Computing the frequency of a pattern is a key operation in data mining algorithms. We describe a simple, yet powerful, way of speeding up any form of frequency counting satisfying the monotonicity condition. Our method, the optimized segment support map (OSSM), is based on a simple observation about data: Real life data sets are not necessarily be uniformly distributed. The OSSM is a light-weight structure that partitions the collection of transactions into m segments, so as to reduce the number of candidate patterns that require frequency counting. We study the following problems: (i) What is the optimal value of m, the number of segments to be used (the segment minimization problem)? (ii) Given a user-determined m, what is the best segmentation/composition of the m segments (the constrained segmentation problem)? For the segment minimization problem, we provide a thorough analysis and a theorem establishing the minimum value of m for which there is no accuracy lost in using the OSSM. For the constrained segmentation problem, we develop various algorithms and heuristics to help facilitate segmentation. Our experimental results on both real and synthetic data sets show that our segmentation algorithms and heuristics can efficiently generate OSSMs that are compact and effective.

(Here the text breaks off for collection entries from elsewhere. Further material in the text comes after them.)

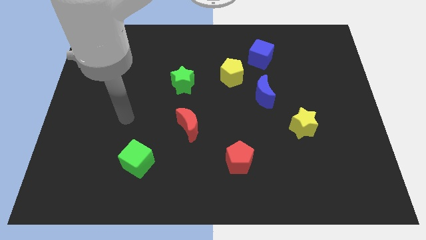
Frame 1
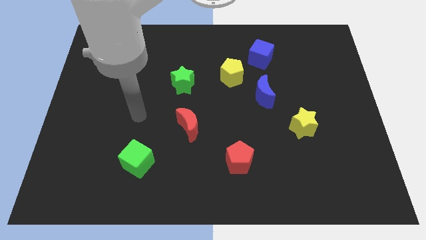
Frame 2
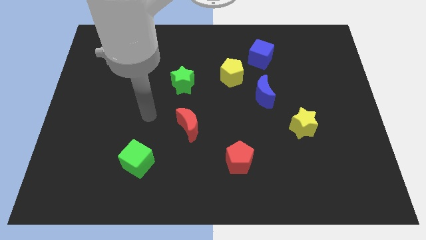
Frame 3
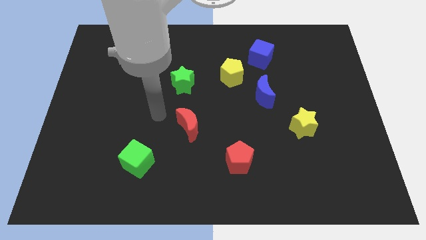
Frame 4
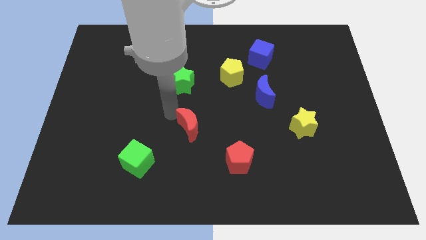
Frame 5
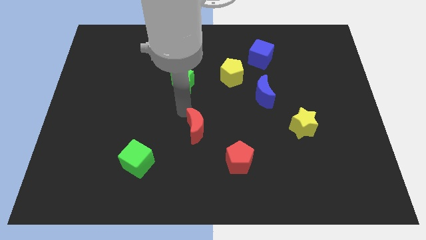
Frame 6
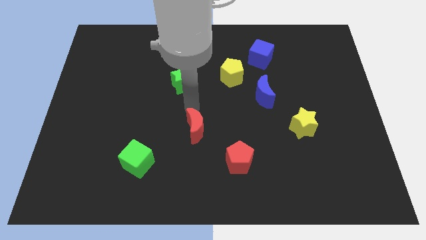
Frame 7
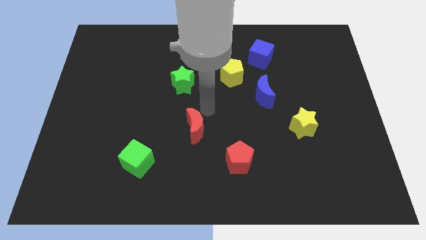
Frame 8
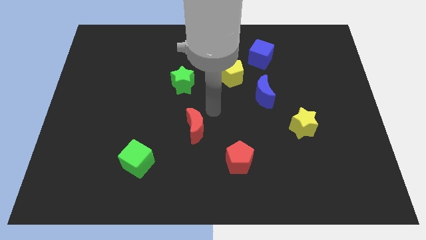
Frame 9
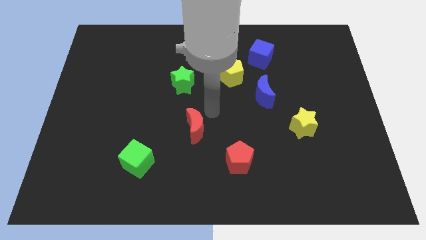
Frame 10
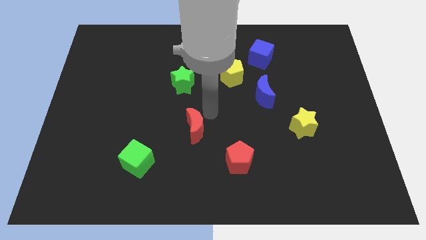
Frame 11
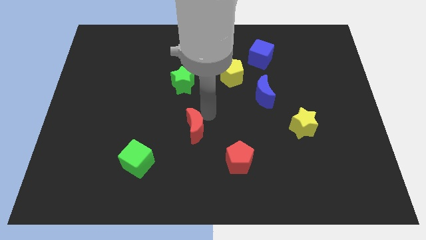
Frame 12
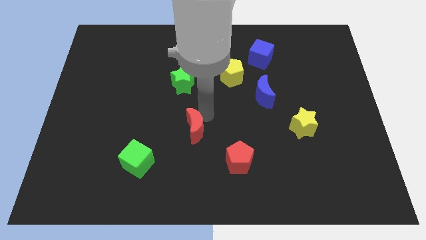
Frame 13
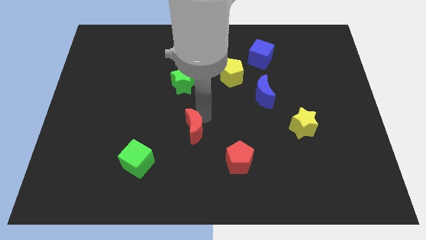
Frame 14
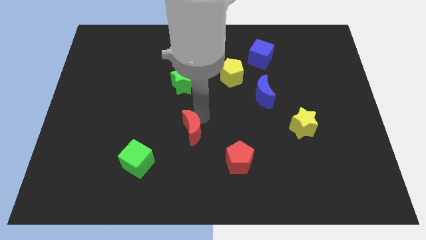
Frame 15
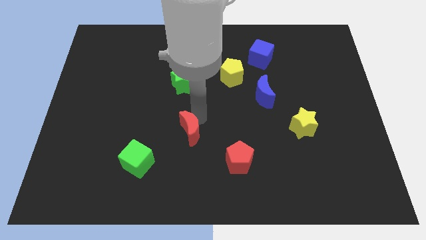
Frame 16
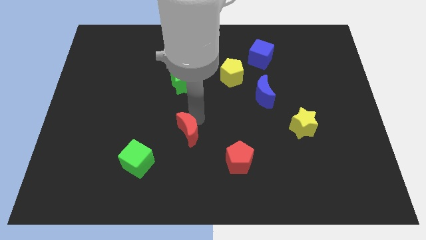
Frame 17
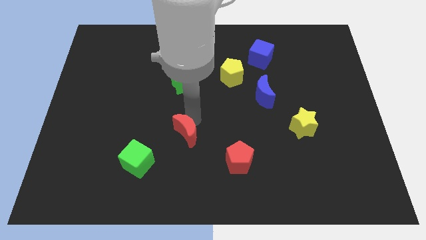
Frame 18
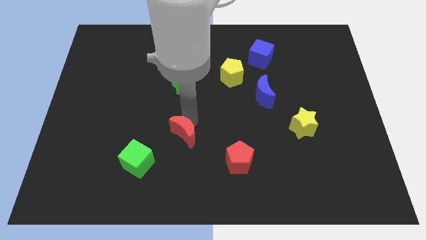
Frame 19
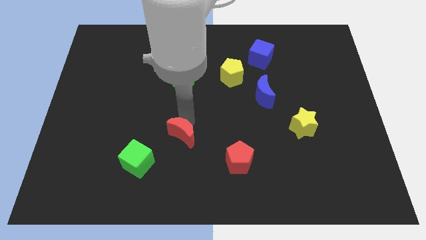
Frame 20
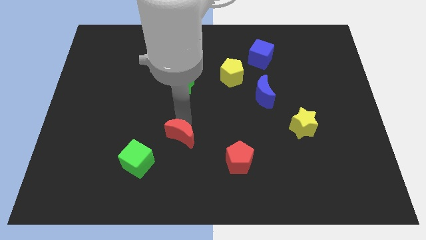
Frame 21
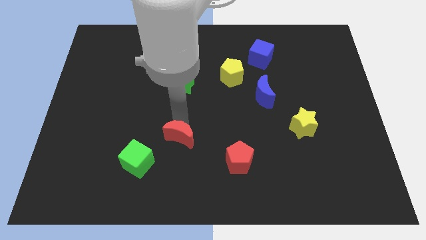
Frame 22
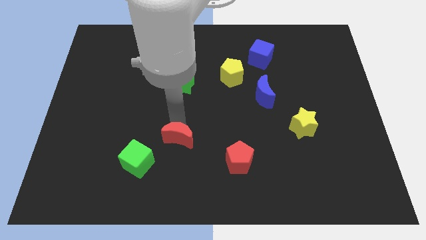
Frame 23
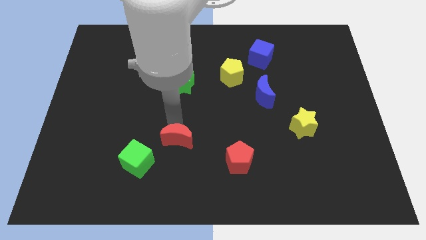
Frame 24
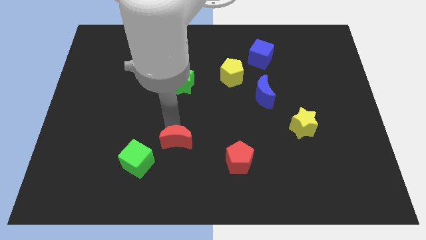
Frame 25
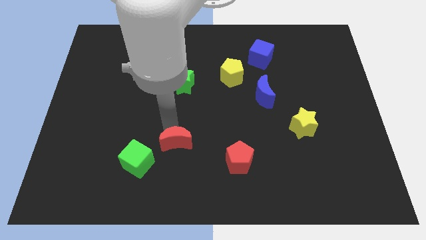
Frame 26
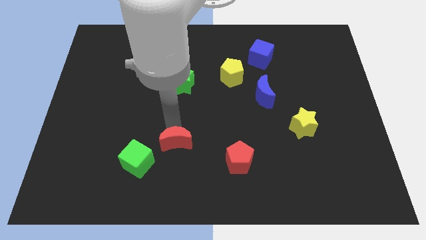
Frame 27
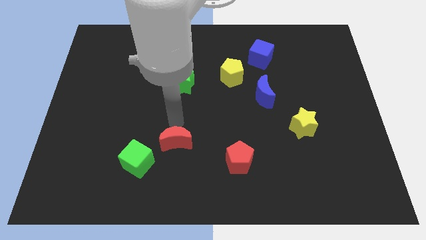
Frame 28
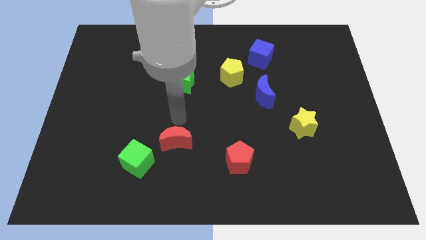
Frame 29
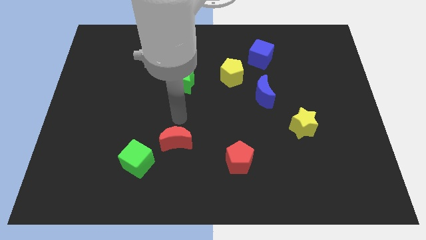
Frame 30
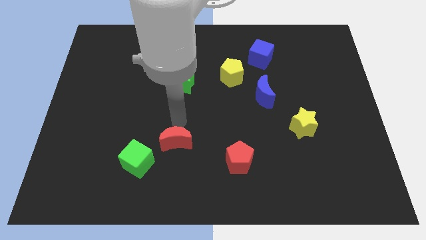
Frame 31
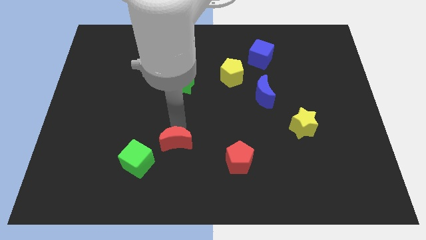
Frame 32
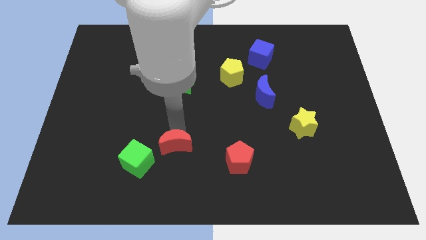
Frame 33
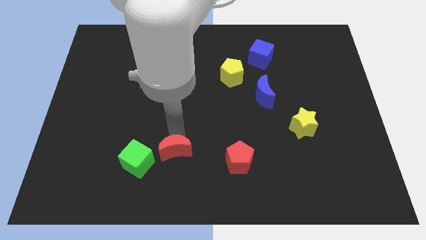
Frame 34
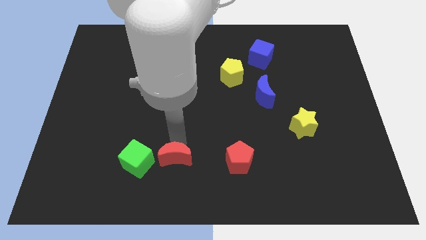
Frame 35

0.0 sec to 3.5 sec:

TR-2001-19 Animation of Fish Swimming, January 30, 2002 William F. Gates, 8 pages

We present a simple, two-part model of the locomotion of slender-bodied aquatic animals designed specifically for the needs of computer animation. The first part of the model is kinematic and addresses body deformations for three swimming modes: steady swimming, rapid starting, and turning. The second part of the model is dynamic and addresses the resulting propulsion of the aquatic animal. While this approach is not as general as a fully dynamic model, it provides the animator with a small set of intuitive parameters that directly control how the fish model moves and is more efficient to simulate.

TR-2001-20 Free-Surface Conditions in the Realistic Animation of Liquids, January 30, 2002 William F. Gates, 13 pages

The realistic animation of liquids based on the dynamic simulation of free-surface flow requires appropriate conditions on the liquid-gas interface. These conditions can be painstaking to implement and are in general not unique. We present the conditions we use in our implementation of a fluid animation system and discuss our rationale behind them.

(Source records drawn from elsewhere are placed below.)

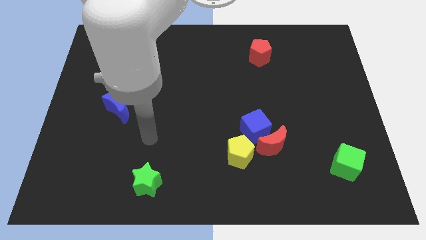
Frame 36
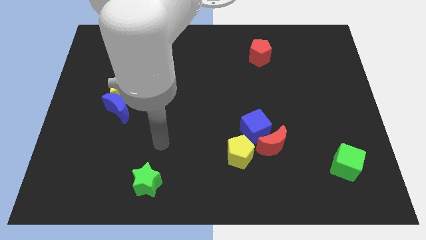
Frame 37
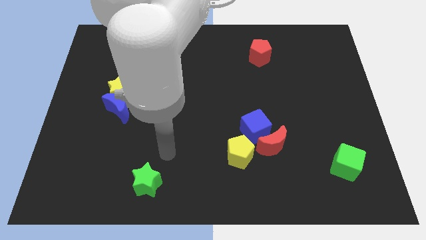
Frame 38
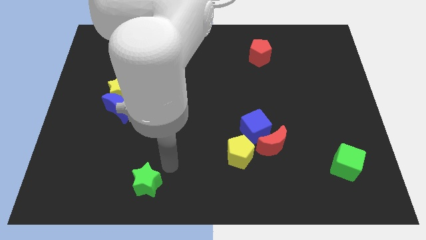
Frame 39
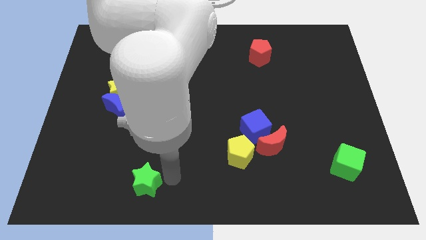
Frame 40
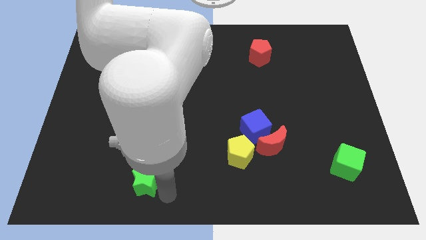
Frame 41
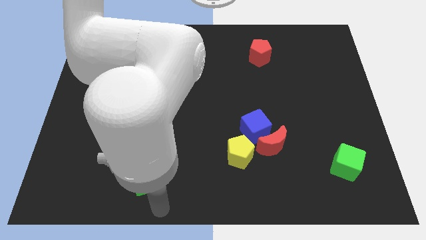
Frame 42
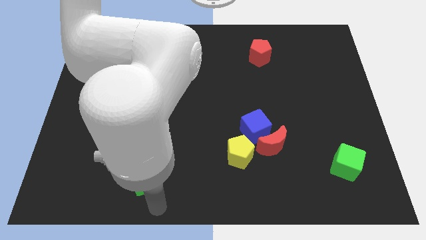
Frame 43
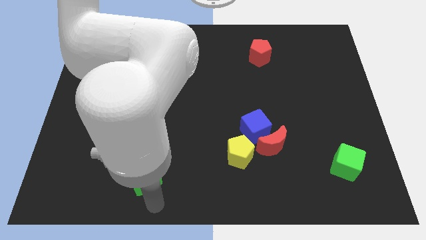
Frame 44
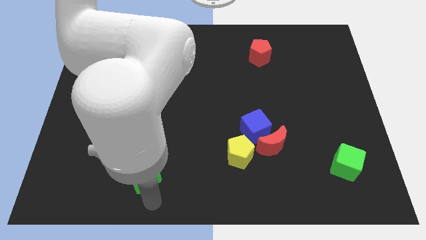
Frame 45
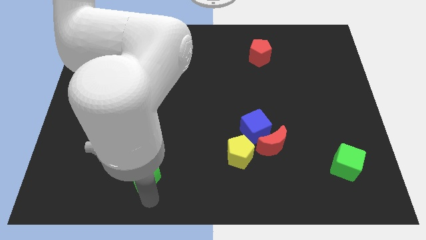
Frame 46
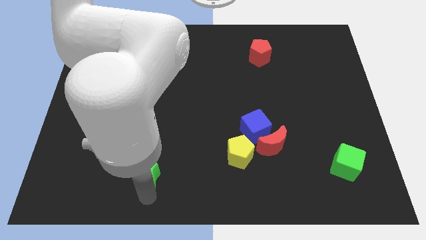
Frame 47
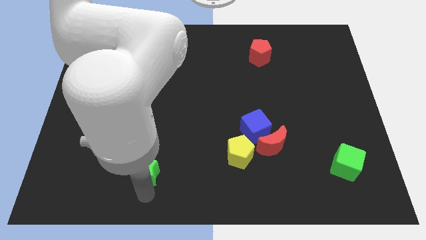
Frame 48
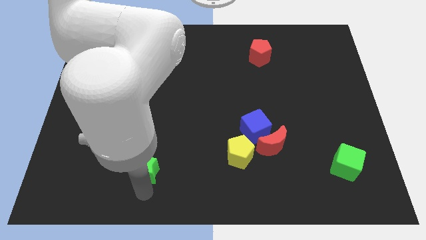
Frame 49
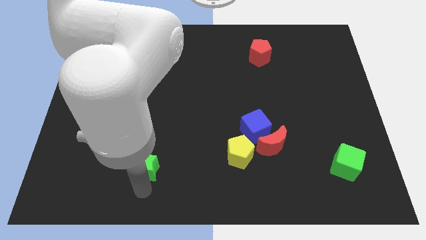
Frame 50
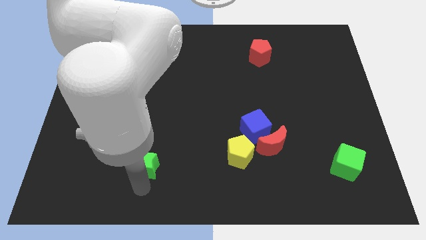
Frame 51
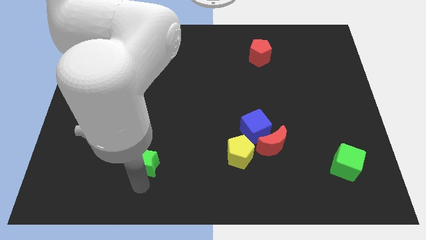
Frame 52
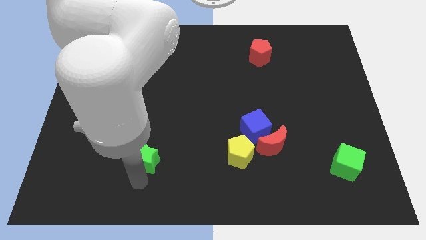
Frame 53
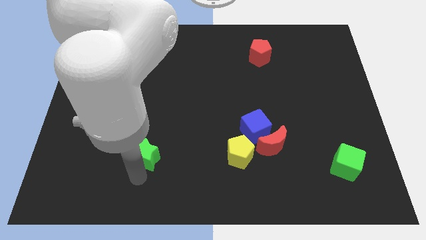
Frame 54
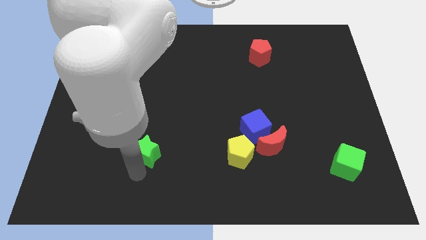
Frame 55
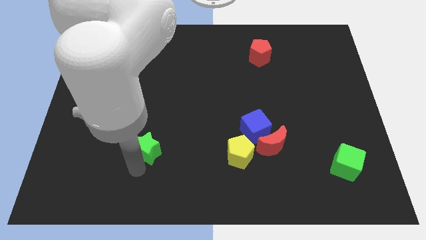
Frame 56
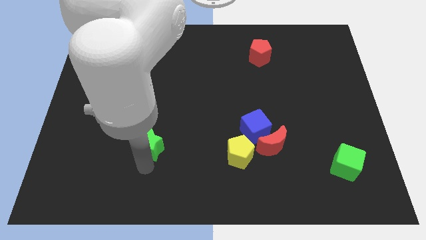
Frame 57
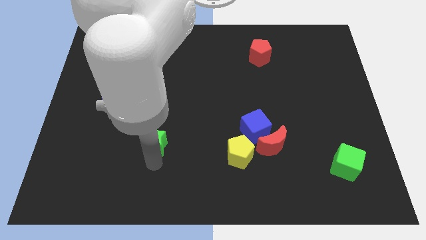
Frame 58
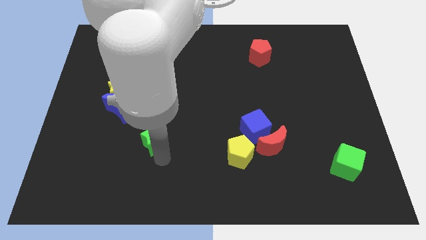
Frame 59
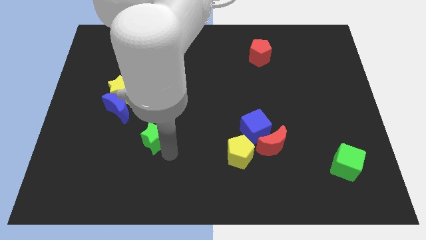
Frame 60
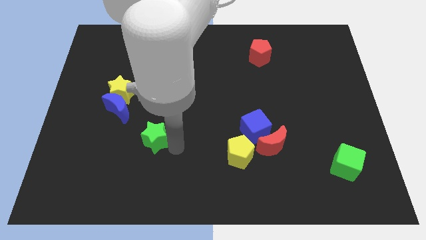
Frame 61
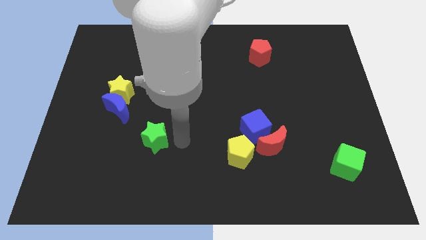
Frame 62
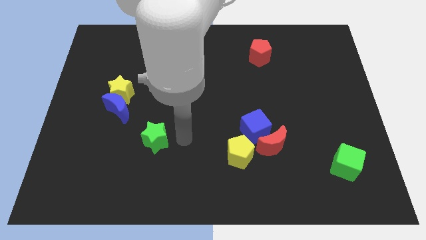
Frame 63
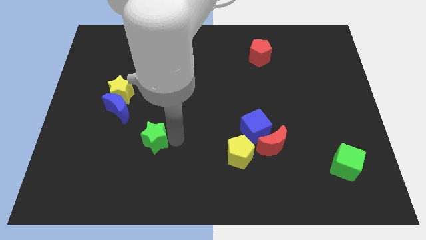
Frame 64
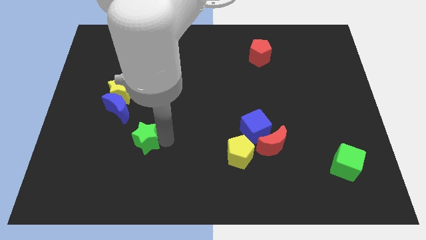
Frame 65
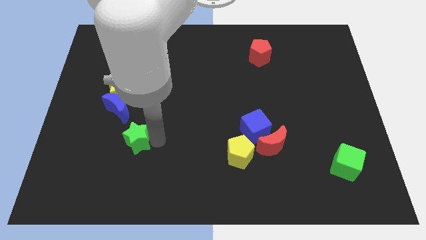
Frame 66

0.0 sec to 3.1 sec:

TR-2001-22 Controlling Fluid Flow Simulation, January 30, 2002 William F. Gates and Alain Fournier, 3 pages

Simulating fluid dynamics can be a powerful approach to animating liquids and gases, but it is often difficult to ``direct'' the simulation to ``perform'' as desired. We introduce a simple yet powerful technique of controlling incompressible flow simulation for computer animation purposes that works for any simulation method using a projection scheme for numerically solving the Navier-Stokes equations. In our technique, an abstract vector field representing the desired influence over the simulated flow is modelled using simple primitives. This technique allows an arbitrarily degree of control over the simulated flow at every point while still conserving mass, momentum, and energy.